Records excerpted from a collection:

☆ ☆ ☆ ☆ ☆

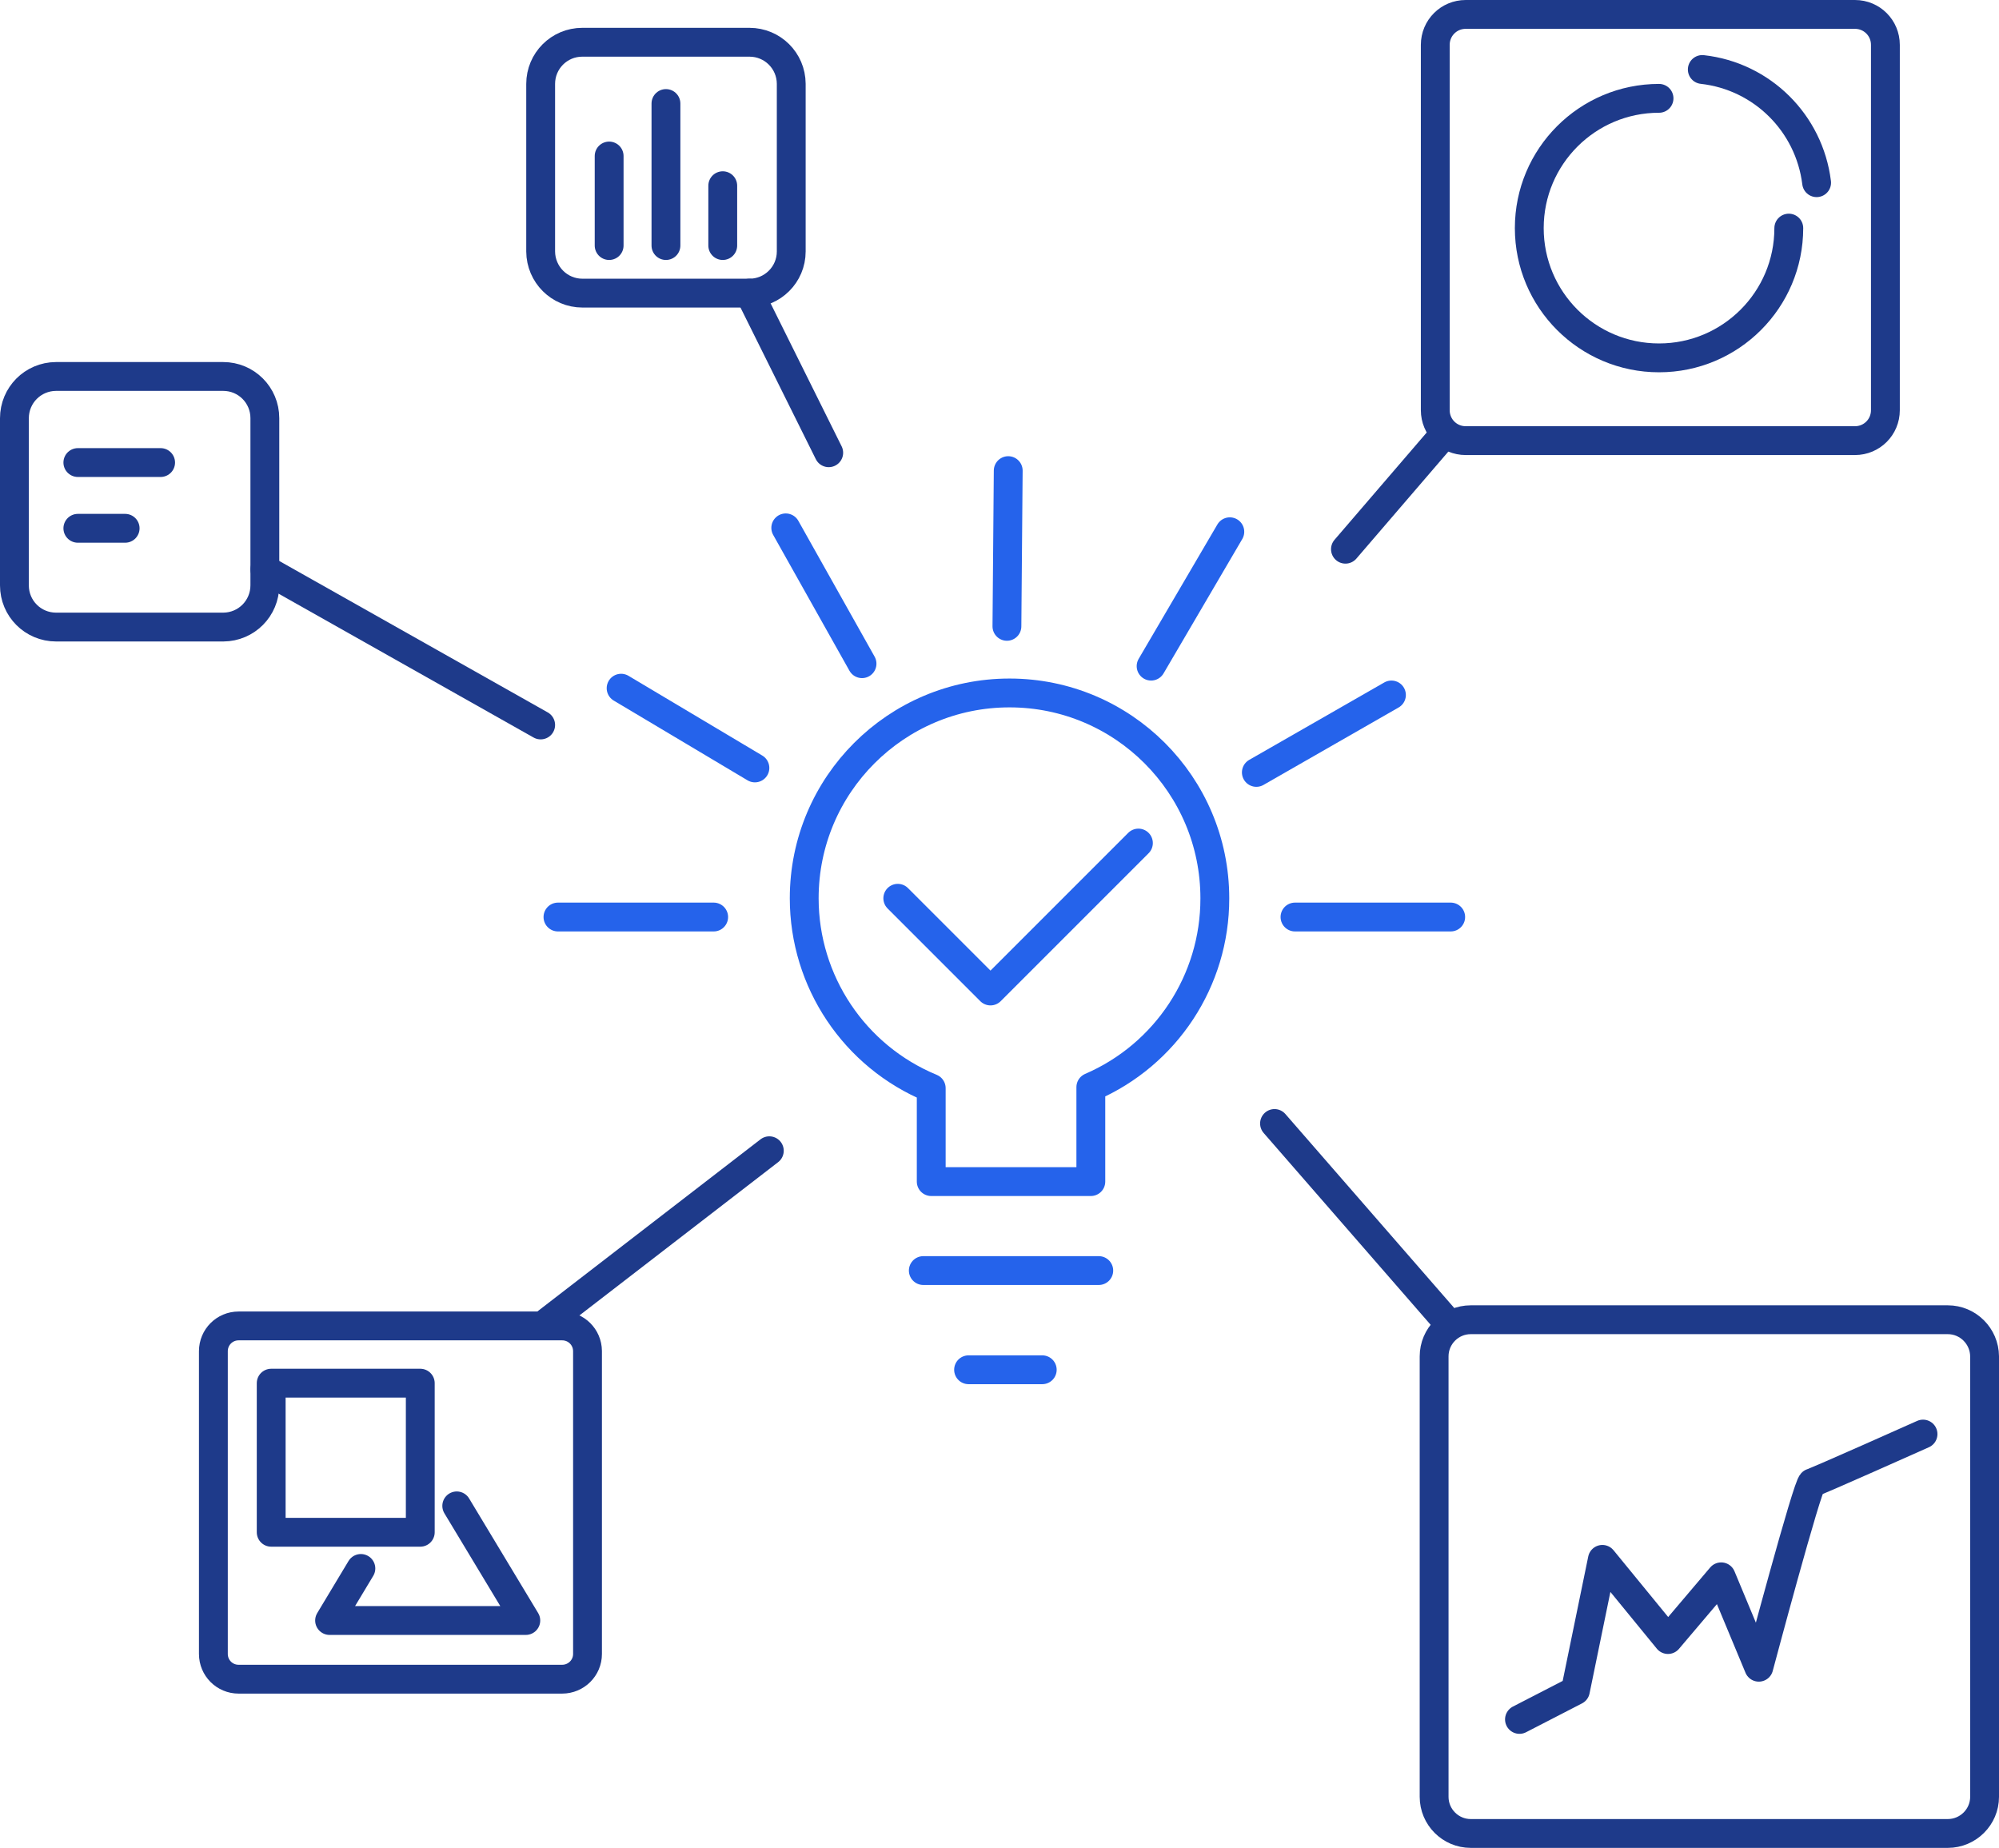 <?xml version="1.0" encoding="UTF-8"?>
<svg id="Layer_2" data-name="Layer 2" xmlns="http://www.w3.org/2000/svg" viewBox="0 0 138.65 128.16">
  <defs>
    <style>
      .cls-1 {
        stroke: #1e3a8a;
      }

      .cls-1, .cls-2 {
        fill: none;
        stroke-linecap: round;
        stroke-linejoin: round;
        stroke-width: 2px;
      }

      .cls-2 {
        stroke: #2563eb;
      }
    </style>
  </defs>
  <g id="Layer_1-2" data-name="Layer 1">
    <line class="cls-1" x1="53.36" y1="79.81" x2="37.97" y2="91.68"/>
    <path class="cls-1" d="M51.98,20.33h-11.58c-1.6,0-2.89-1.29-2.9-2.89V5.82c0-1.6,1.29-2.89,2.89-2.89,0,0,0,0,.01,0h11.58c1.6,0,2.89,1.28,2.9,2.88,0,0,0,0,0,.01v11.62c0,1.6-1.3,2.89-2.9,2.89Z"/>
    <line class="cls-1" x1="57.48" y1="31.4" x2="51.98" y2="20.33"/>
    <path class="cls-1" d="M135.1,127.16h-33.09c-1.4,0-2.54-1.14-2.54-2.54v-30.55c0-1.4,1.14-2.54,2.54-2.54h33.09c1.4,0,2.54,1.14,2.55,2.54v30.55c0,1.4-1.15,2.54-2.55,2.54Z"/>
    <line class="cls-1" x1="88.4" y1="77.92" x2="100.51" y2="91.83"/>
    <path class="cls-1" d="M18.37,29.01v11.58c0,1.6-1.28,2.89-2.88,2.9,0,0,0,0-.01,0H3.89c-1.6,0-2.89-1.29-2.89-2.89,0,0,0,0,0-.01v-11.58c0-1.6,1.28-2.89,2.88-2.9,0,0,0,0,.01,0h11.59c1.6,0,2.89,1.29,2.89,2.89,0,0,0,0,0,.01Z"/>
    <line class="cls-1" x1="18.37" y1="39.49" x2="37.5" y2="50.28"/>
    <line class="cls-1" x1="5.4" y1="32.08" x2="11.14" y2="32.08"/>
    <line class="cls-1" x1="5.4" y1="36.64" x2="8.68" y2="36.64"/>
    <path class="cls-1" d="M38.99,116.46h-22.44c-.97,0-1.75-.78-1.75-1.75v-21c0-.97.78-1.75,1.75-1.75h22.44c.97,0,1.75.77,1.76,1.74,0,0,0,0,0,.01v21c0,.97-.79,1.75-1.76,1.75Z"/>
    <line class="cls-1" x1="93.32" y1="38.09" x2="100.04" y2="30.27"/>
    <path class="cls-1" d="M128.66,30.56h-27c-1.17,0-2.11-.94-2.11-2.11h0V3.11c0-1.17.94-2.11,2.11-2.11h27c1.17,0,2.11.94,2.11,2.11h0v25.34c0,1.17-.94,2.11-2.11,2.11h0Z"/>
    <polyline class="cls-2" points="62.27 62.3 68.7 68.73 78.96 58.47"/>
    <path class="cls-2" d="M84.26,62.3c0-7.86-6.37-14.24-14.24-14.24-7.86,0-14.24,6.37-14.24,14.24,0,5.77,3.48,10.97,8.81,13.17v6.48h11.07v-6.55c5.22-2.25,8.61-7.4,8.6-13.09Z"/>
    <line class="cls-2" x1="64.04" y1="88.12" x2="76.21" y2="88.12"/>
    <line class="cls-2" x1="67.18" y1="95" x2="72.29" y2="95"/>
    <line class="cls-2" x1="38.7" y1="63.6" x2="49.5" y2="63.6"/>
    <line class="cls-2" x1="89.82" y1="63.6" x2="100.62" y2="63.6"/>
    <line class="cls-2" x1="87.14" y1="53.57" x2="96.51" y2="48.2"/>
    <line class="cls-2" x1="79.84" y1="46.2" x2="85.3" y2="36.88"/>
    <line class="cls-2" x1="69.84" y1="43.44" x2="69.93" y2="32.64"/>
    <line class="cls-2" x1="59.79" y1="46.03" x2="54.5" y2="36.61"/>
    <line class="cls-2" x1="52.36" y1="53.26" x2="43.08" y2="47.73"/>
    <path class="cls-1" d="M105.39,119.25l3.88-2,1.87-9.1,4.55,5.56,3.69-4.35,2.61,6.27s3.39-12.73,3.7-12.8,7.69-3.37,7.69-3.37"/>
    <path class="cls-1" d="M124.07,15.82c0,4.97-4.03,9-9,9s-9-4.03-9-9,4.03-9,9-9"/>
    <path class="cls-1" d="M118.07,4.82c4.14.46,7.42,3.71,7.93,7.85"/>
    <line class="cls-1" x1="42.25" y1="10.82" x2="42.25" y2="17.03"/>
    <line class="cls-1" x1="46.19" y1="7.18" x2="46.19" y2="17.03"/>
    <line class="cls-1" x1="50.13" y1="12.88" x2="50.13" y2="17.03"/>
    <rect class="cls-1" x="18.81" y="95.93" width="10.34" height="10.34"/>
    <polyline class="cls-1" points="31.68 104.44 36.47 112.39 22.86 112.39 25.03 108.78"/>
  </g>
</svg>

☆ ☆ ☆ ☆ ☆

When you copy the data above, reproduce each line exactly and skip every image.

 <?xml version="1.0" encoding="UTF-8"?>
<svg id="Layer_2" data-name="Layer 2" xmlns="http://www.w3.org/2000/svg" viewBox="0 0 138.65 128.16">
  <defs>
    <style>
      .cls-1 {
        stroke: #1e3a8a;
      }

      .cls-1, .cls-2 {
        fill: none;
        stroke-linecap: round;
        stroke-linejoin: round;
        stroke-width: 2px;
      }

      .cls-2 {
        stroke: #2563eb;
      }
    </style>
  </defs>
  <g id="Layer_1-2" data-name="Layer 1">
    <line class="cls-1" x1="53.36" y1="79.81" x2="37.97" y2="91.68"/>
    <path class="cls-1" d="M51.98,20.33h-11.58c-1.6,0-2.89-1.29-2.9-2.89V5.82c0-1.6,1.29-2.89,2.89-2.89,0,0,0,0,.01,0h11.58c1.6,0,2.89,1.28,2.9,2.88,0,0,0,0,0,.01v11.62c0,1.6-1.3,2.89-2.9,2.89Z"/>
    <line class="cls-1" x1="57.48" y1="31.4" x2="51.98" y2="20.33"/>
    <path class="cls-1" d="M135.1,127.16h-33.09c-1.4,0-2.54-1.14-2.54-2.54v-30.55c0-1.4,1.14-2.54,2.54-2.54h33.09c1.4,0,2.54,1.14,2.55,2.54v30.55c0,1.4-1.15,2.54-2.55,2.54Z"/>
    <line class="cls-1" x1="88.4" y1="77.92" x2="100.51" y2="91.83"/>
    <path class="cls-1" d="M18.37,29.01v11.58c0,1.6-1.28,2.89-2.88,2.9,0,0,0,0-.01,0H3.89c-1.6,0-2.89-1.29-2.89-2.89,0,0,0,0,0-.01v-11.58c0-1.6,1.28-2.89,2.88-2.9,0,0,0,0,.01,0h11.59c1.6,0,2.89,1.29,2.89,2.89,0,0,0,0,0,.01Z"/>
    <line class="cls-1" x1="18.37" y1="39.49" x2="37.5" y2="50.28"/>
    <line class="cls-1" x1="5.4" y1="32.08" x2="11.14" y2="32.08"/>
    <line class="cls-1" x1="5.4" y1="36.64" x2="8.68" y2="36.64"/>
    <path class="cls-1" d="M38.99,116.46h-22.44c-.97,0-1.75-.78-1.75-1.75v-21c0-.97.78-1.75,1.75-1.75h22.44c.97,0,1.75.77,1.76,1.74,0,0,0,0,0,.01v21c0,.97-.79,1.75-1.76,1.75Z"/>
    <line class="cls-1" x1="93.32" y1="38.09" x2="100.04" y2="30.27"/>
    <path class="cls-1" d="M128.66,30.56h-27c-1.17,0-2.11-.94-2.11-2.11h0V3.11c0-1.17.94-2.11,2.11-2.11h27c1.17,0,2.11.94,2.11,2.11h0v25.34c0,1.17-.94,2.11-2.11,2.11h0Z"/>
    <polyline class="cls-2" points="62.27 62.3 68.7 68.73 78.96 58.47"/>
    <path class="cls-2" d="M84.26,62.3c0-7.86-6.37-14.24-14.24-14.24-7.86,0-14.24,6.37-14.24,14.24,0,5.77,3.48,10.97,8.81,13.17v6.48h11.07v-6.55c5.22-2.25,8.61-7.4,8.6-13.09Z"/>
    <line class="cls-2" x1="64.04" y1="88.12" x2="76.21" y2="88.12"/>
    <line class="cls-2" x1="67.18" y1="95" x2="72.29" y2="95"/>
    <line class="cls-2" x1="38.7" y1="63.6" x2="49.5" y2="63.6"/>
    <line class="cls-2" x1="89.82" y1="63.6" x2="100.62" y2="63.6"/>
    <line class="cls-2" x1="87.14" y1="53.57" x2="96.51" y2="48.2"/>
    <line class="cls-2" x1="79.84" y1="46.2" x2="85.3" y2="36.88"/>
    <line class="cls-2" x1="69.84" y1="43.44" x2="69.93" y2="32.64"/>
    <line class="cls-2" x1="59.79" y1="46.03" x2="54.5" y2="36.61"/>
    <line class="cls-2" x1="52.36" y1="53.26" x2="43.08" y2="47.73"/>
    <path class="cls-1" d="M105.39,119.25l3.88-2,1.87-9.1,4.55,5.56,3.69-4.35,2.61,6.27s3.39-12.73,3.7-12.8,7.69-3.37,7.69-3.37"/>
    <path class="cls-1" d="M124.07,15.82c0,4.97-4.03,9-9,9s-9-4.03-9-9,4.03-9,9-9"/>
    <path class="cls-1" d="M118.07,4.82c4.14.46,7.42,3.71,7.93,7.85"/>
    <line class="cls-1" x1="42.25" y1="10.82" x2="42.25" y2="17.03"/>
    <line class="cls-1" x1="46.19" y1="7.18" x2="46.19" y2="17.03"/>
    <line class="cls-1" x1="50.13" y1="12.88" x2="50.13" y2="17.03"/>
    <rect class="cls-1" x="18.81" y="95.93" width="10.34" height="10.34"/>
    <polyline class="cls-1" points="31.68 104.44 36.47 112.39 22.86 112.39 25.03 108.78"/>
  </g>
</svg>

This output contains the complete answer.